(Exercise instructions) Drop the pictures, then repeat every record exactly as it stands.

Stored records:
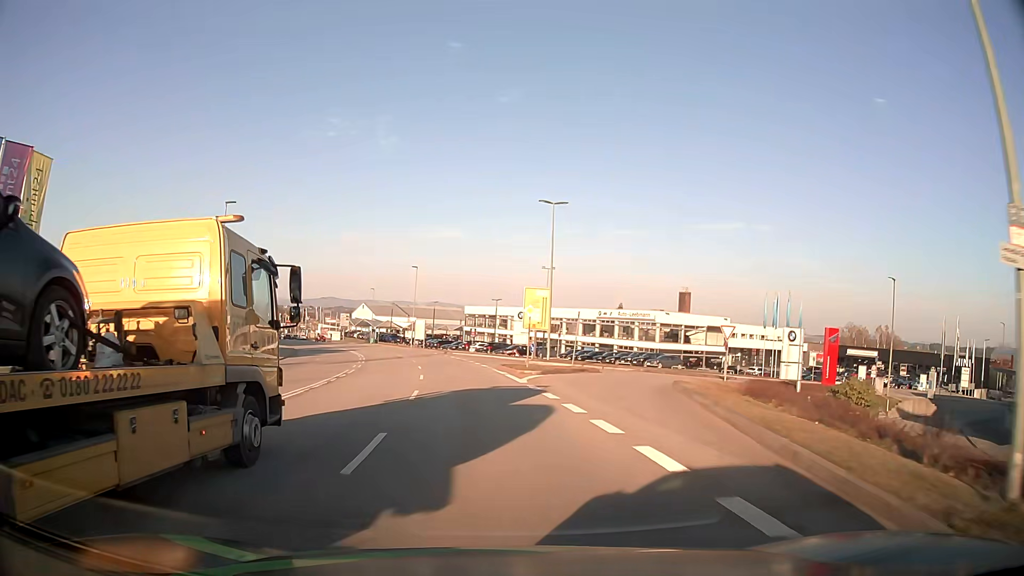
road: secondary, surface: asphalt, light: Day
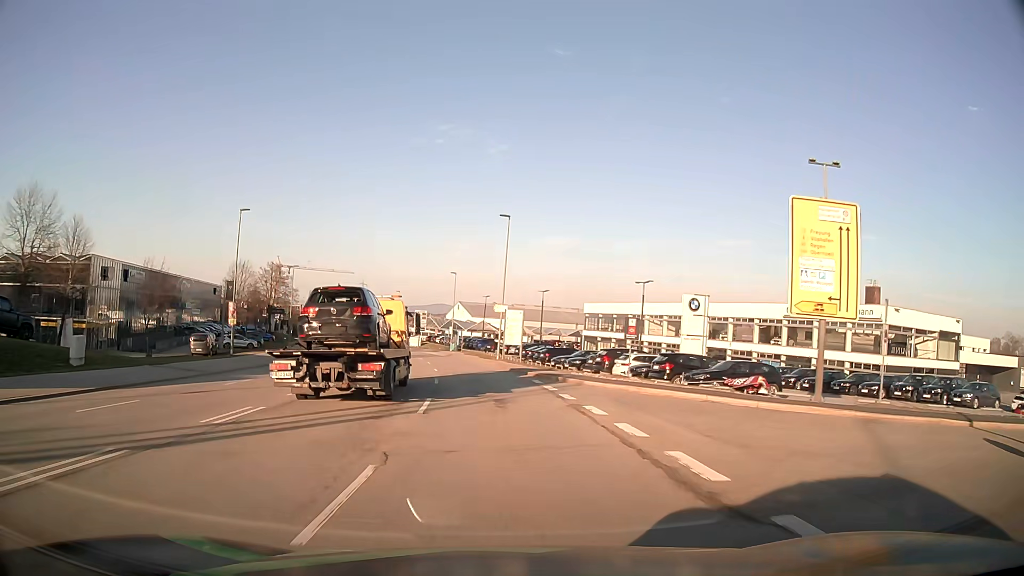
(-3.1, +38.3) m; -9°
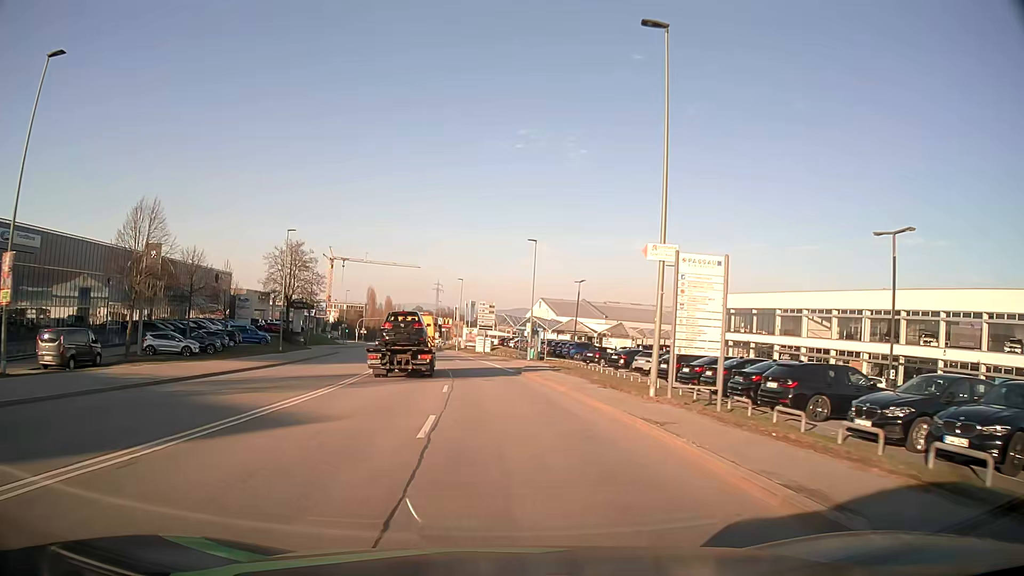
(-1.9, +30.7) m; -7°
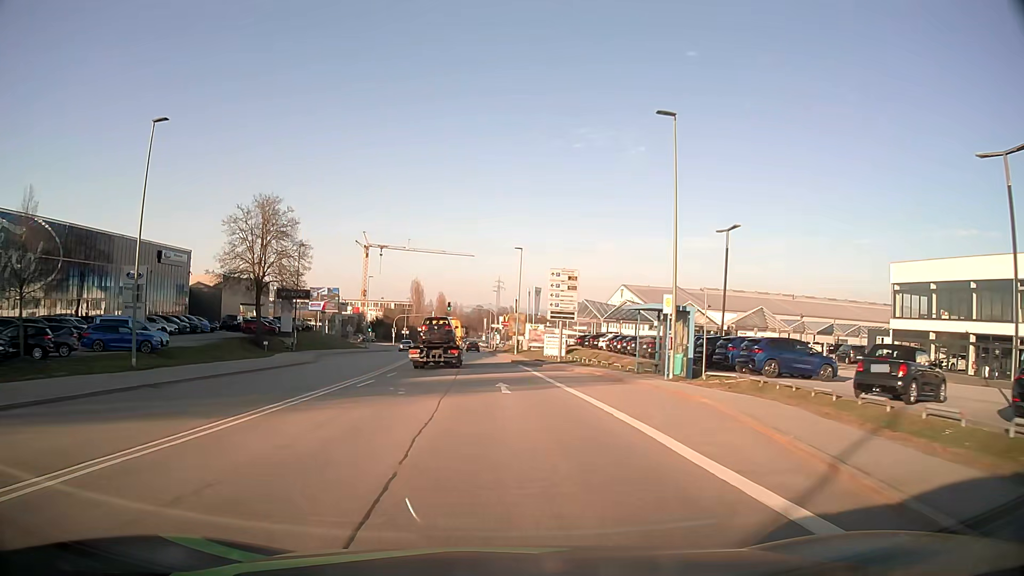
(-1.5, +32.1) m; -5°
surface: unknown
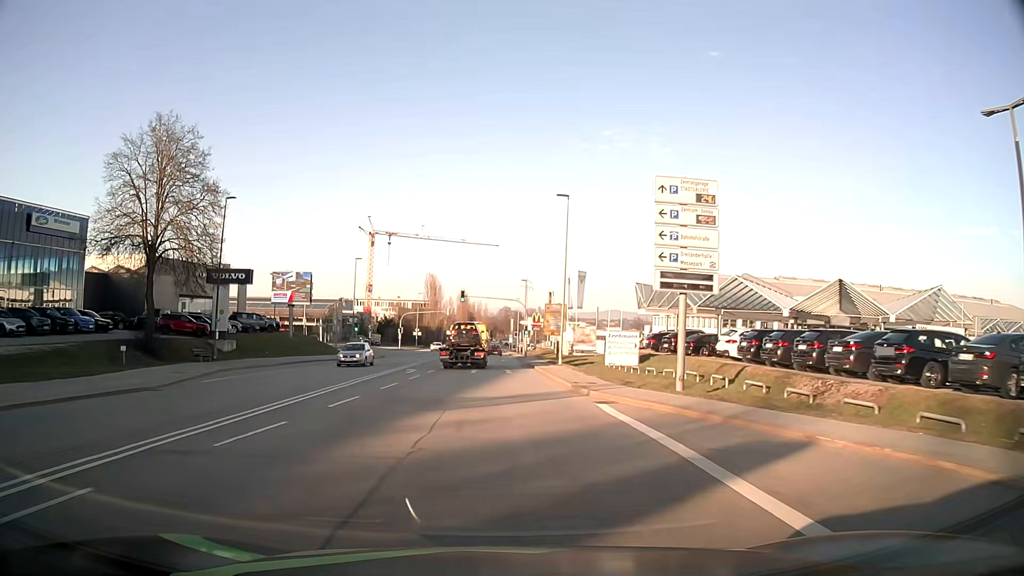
(-0.6, +24.3) m; -3°
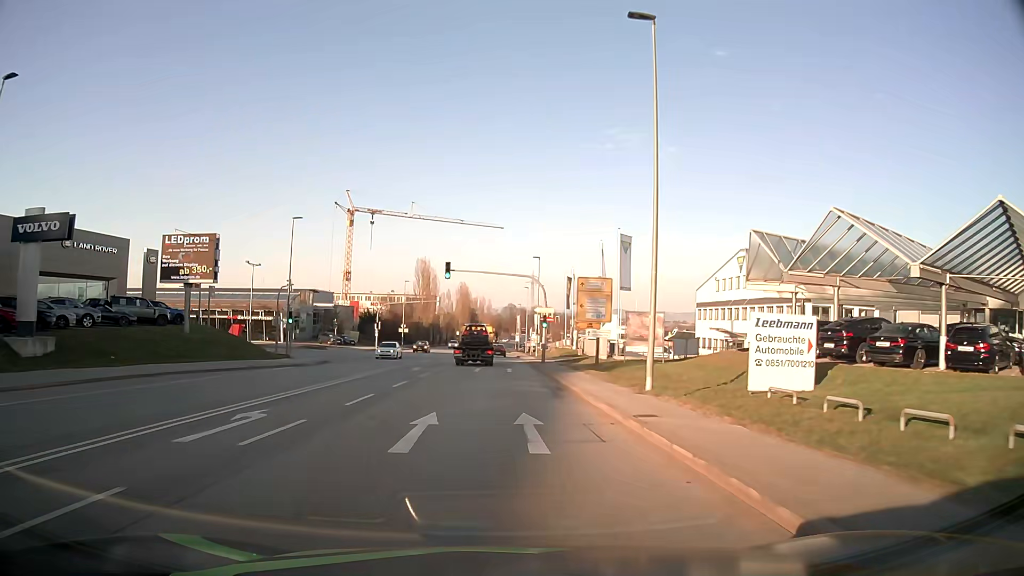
(-0.1, +23.7) m; 0°
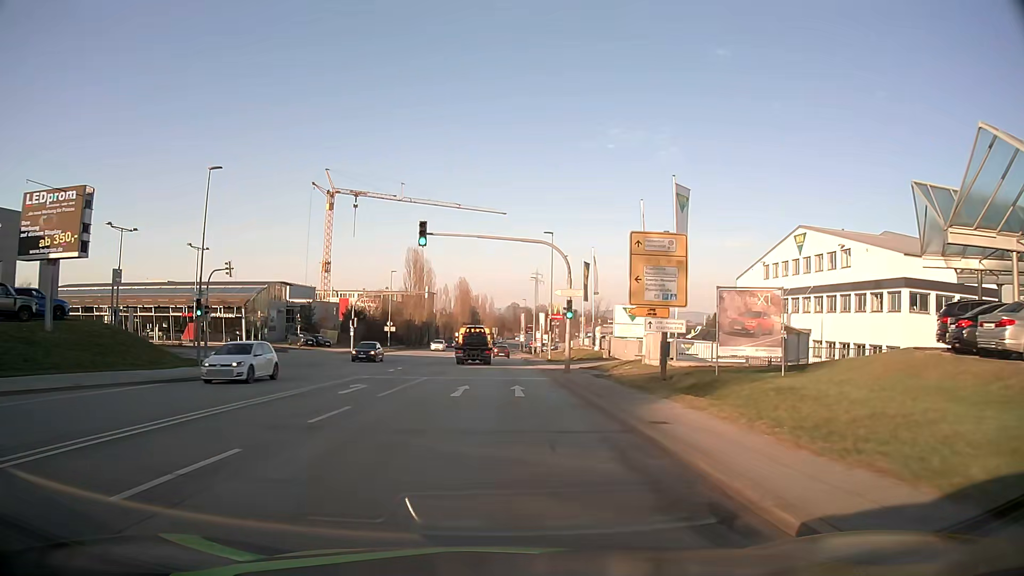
(0.0, +15.5) m; 0°
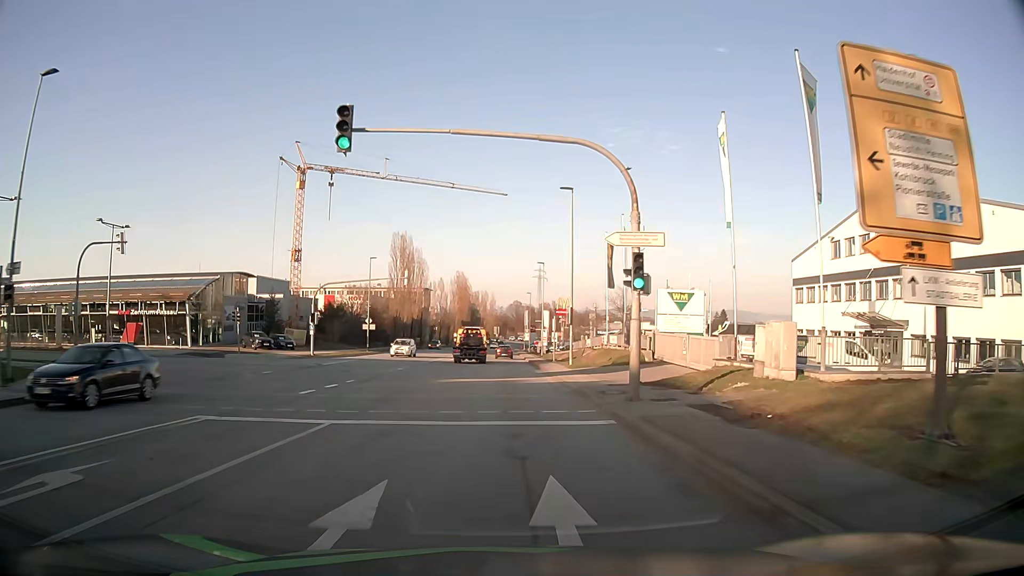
(0.0, +15.5) m; 0°
(0, +10) (0, +20) (0, +30) (0, +40) (0, +50) (0, +60) (0, +70) (0, +80) (0, +90) (0, +100) m
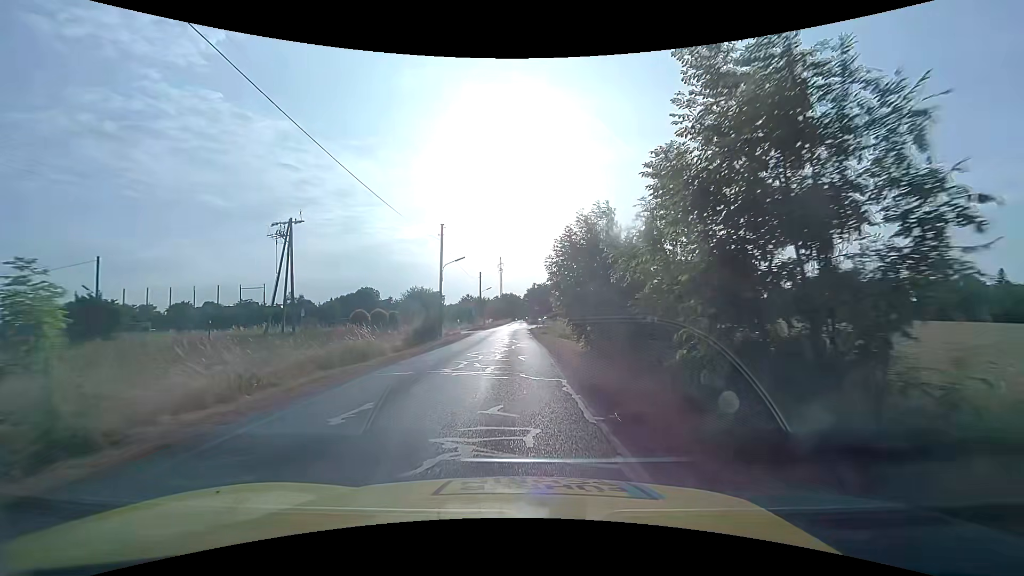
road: unclassified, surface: asphalt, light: Day
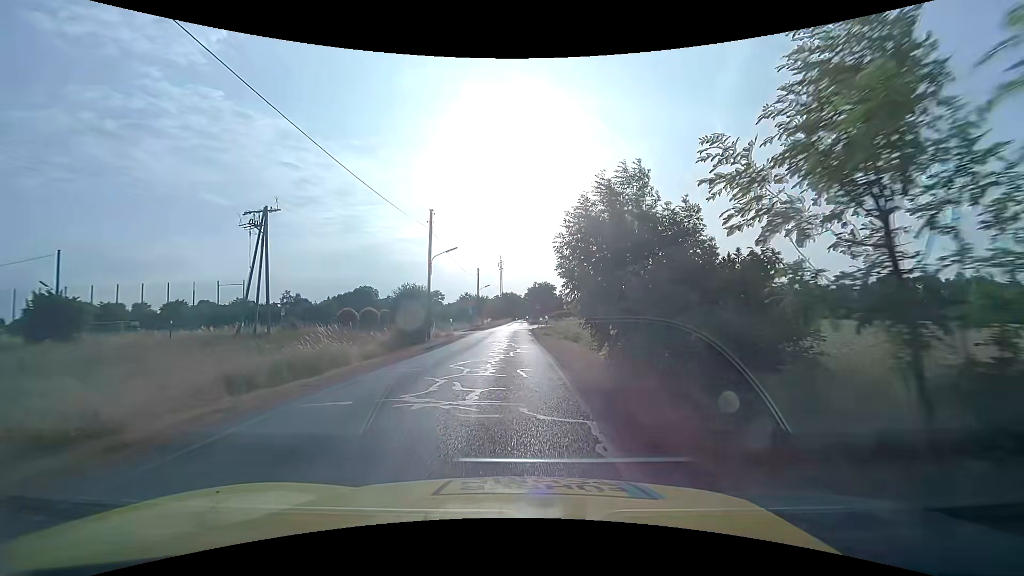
(+0.1, +4.3) m; +1°
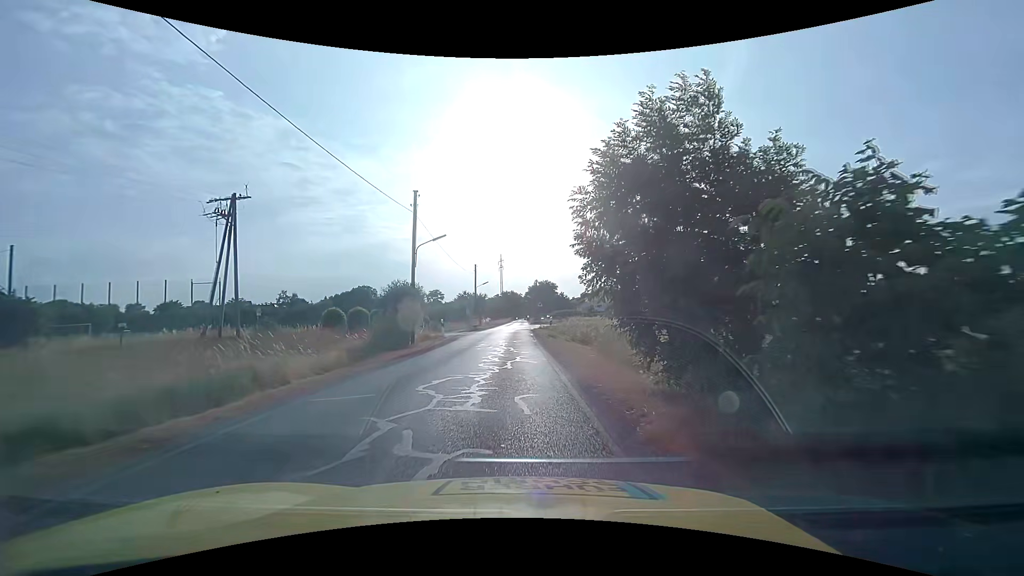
(0.0, +4.2) m; +1°
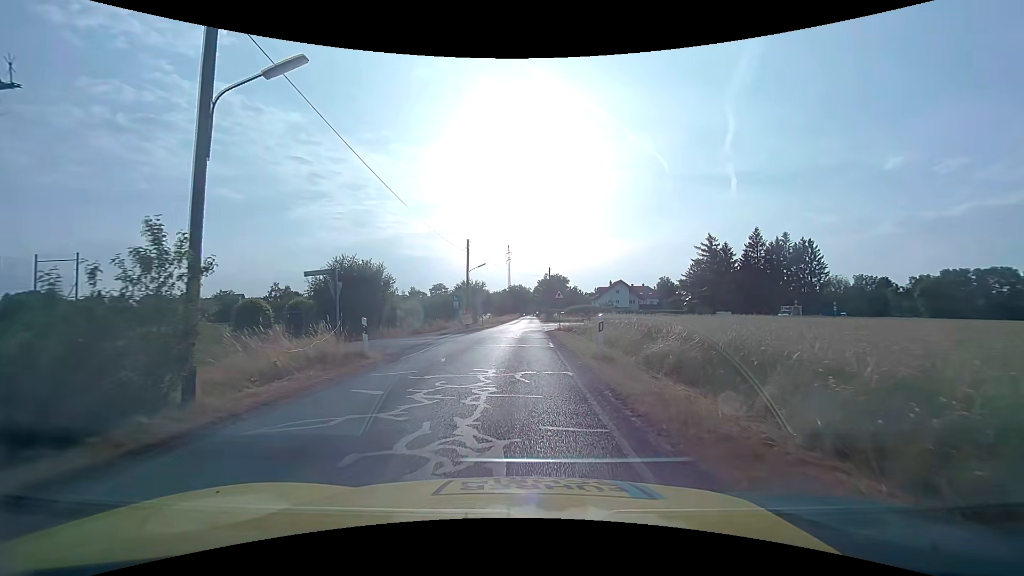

(Response to this exercise)
road: secondary, surface: asphalt, light: Day
(-3.1, +38.3) m; -9°
(-1.9, +30.7) m; -7°
(-1.5, +32.1) m; -5°
surface: unknown
(-0.6, +24.3) m; -3°
(-0.1, +23.7) m; 0°
(0.0, +15.5) m; 0°
(0.0, +15.5) m; 0°
(0, +10) (0, +20) (0, +30) (0, +40) (0, +50) (0, +60) (0, +70) (0, +80) (0, +90) (0, +100) m
road: unclassified, surface: asphalt, light: Day
(+0.1, +4.3) m; +1°
(0.0, +4.2) m; +1°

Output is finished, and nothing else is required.